Bij één rit wordt altijd naar het dorp (stad) toe gereden. Het laagste nummer van twee deelnemers start in de linker baan. Bij een omloop met twee ritten is de eerste rit van het dorp (stad) af. Bij de tweede rit naar het dorp toe vindt een wisseling van baan plaats. Een eventuele kamprit is altijd naar het dorp toe met de eerste rit als startvolgorde.

Na de schifting in een A – en B- poule wordt gestart met de B-poule. De organisatie kan beslissen deze poule in zijn geheel  af te wikkelen en daarna de A-poule. Komt in een poule een rijder met een vrije rit(ten), dan is hij of zij verplicht in draf over de baan te gaan. Deze rijder gaat als eerste over de baan. Wordt steeds met een even aantal rijders gereden, dan kan de organisatie kiezen om de lijst ‘over de kop te gooien’. Dit mag slechts eenmaal per poule  geschieden.

De deelnemers houden zoveel mogelijk rekening met oude tradities in zowel de aanspanning als kledij. Minimaal is een bellenstreng verplicht. Geen bellenstreng betekent automatisch uitsluiting.

De keuring voor het schoonste geheel worden voorafgaande aan de wedstrijd verreden. De organisatie heeft de mogelijkheid tijdens de wedstrijd nog een extra rit ‘van en naar het dorp’ voor het schoonste geheel in te lassen.

In die zaken waarin het reglement niet voorziet of bij onvoorziene problemen wordt overlegd gepleegd met de plaatselijke organisatie. Mocht het niet tot een vergelijk komen, dan is de stem van de hoofdscheidsrechter doorslaggevend.

Wedstrijdsecretariaat.

Het wedstrijdsecretariaat zetelt in een afgezette ruimte op het midden van de baan. Het secretariaat houdt het verloop van de ritten bij en maakt het schema op voor de volgende ronde en staat daarbij in nauw contact met de speaker en de hoofdscheidsrechter.

Hoofdscheidsrechter/wedstrijdleider.

De hoofdscheidsrechter/ arbiter/wedstrijdleider, ook wel baancommissaris genaamd, staat in het midden van de baan. Voorafgaande aan de wedstrijd instrueert hij de andere juryleden die bij start en finish staan.

Hij neemt in de wedstrijd het vlagsignaal van de starter over maar heeft het recht beslissingen van alle juryleden te herroepen. Hij bepaalt of de gang van een paard correct is.

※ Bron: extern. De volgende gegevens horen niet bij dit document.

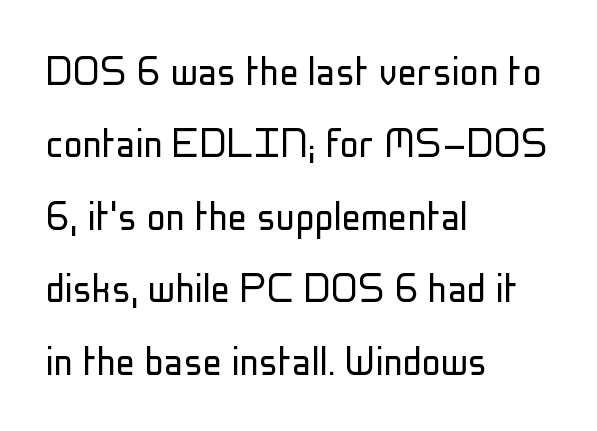
The image shows 48 px light, condensed sans-serif type, upright; set left-aligned, normal line spacing (1.51x), normal letter spacing, not underlined; low stroke contrast and a medium x-height.
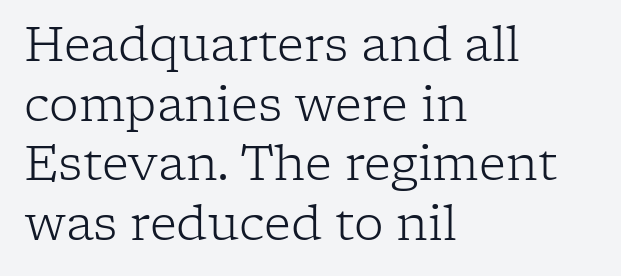
Leading matches the norm, producing a regular column. The letters advance in unequal steps, a hallmark of proportional type. When letters stand straight like this, we call the style roman or upright. Tracking value appears to be zero — textbook default spacing. To sum up the face: it has serifs.
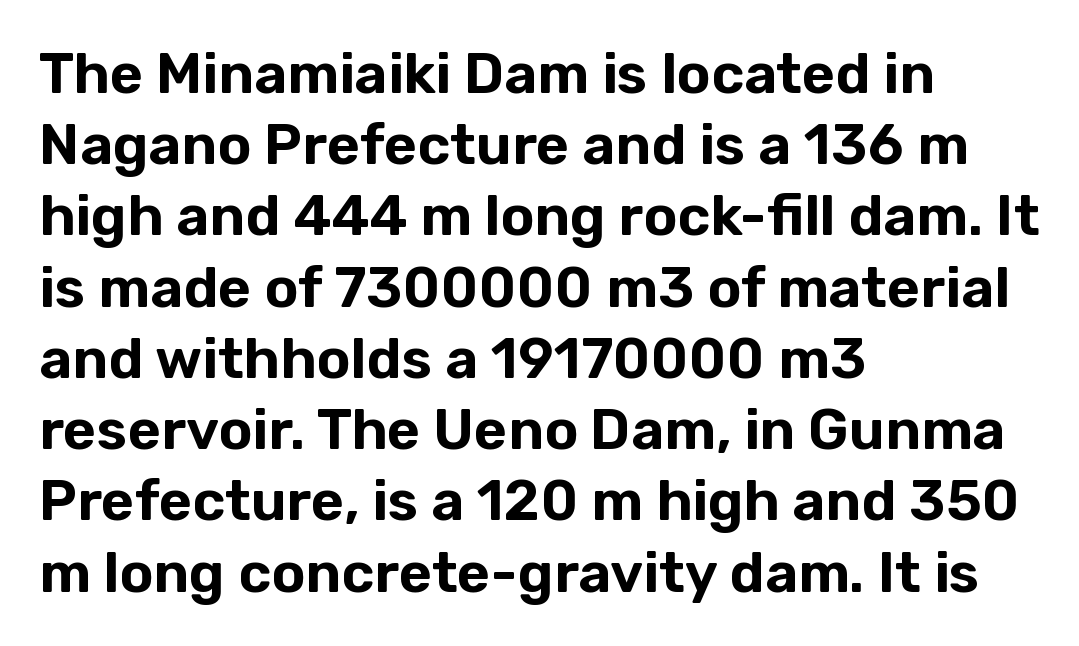
These lines are rendered in a variable-pitch font. What kind of face is this? One without serifs — a sans. Between one letter and the next there's only the usual sliver of space. The space between consecutive lines is moderate. The text block is weighted toward the left margin, trailing off unevenly rightward.
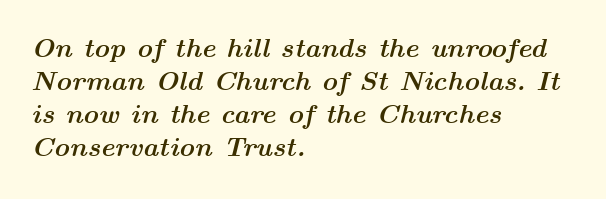
Alignment: flush left. Rendered with sloped, italic letterforms. Honestly, there is no underline to notice here at all. There is no visible air inserted between adjacent glyphs. The characters look thick and weighty, a clear bold.

De hoofdscheidsrechter kan een combinatie uitsluiten als hij van oordeel is dat er een gevaar is voor andere deelnemers en/of publiek.  Mochten rijders het niet eens zijn met een beslissing van juryleden bij start en finish, dan is beroep mogelijk bij de hoofdscheidsrechter. Tegen zijn beslissingen is geen beroep mogelijk.

Jury

Naast de hoofdscheidsrechter kent een wedstrijd een starter en een finishjurylid. Het is aan de wedstrijdleiding en organisatie of gekozen wordt voor een staande – of ‘vliegende’ start.
Bij een ‘vliegende start’ kan tevens gebruik worden gemaakt van een ‘ assistent-starter’ maar de bevoegdheid van een goede of valse start ligt enkel en alleen bij de starter.
De finishjury kan uit twee juryleden bestaan. Eén van de juryleden staat dan op de finishlijn, de andere iets verder op.  Bij twijfel wordt eerst overleg gepleegd voordat de uitslag wordt gegeven.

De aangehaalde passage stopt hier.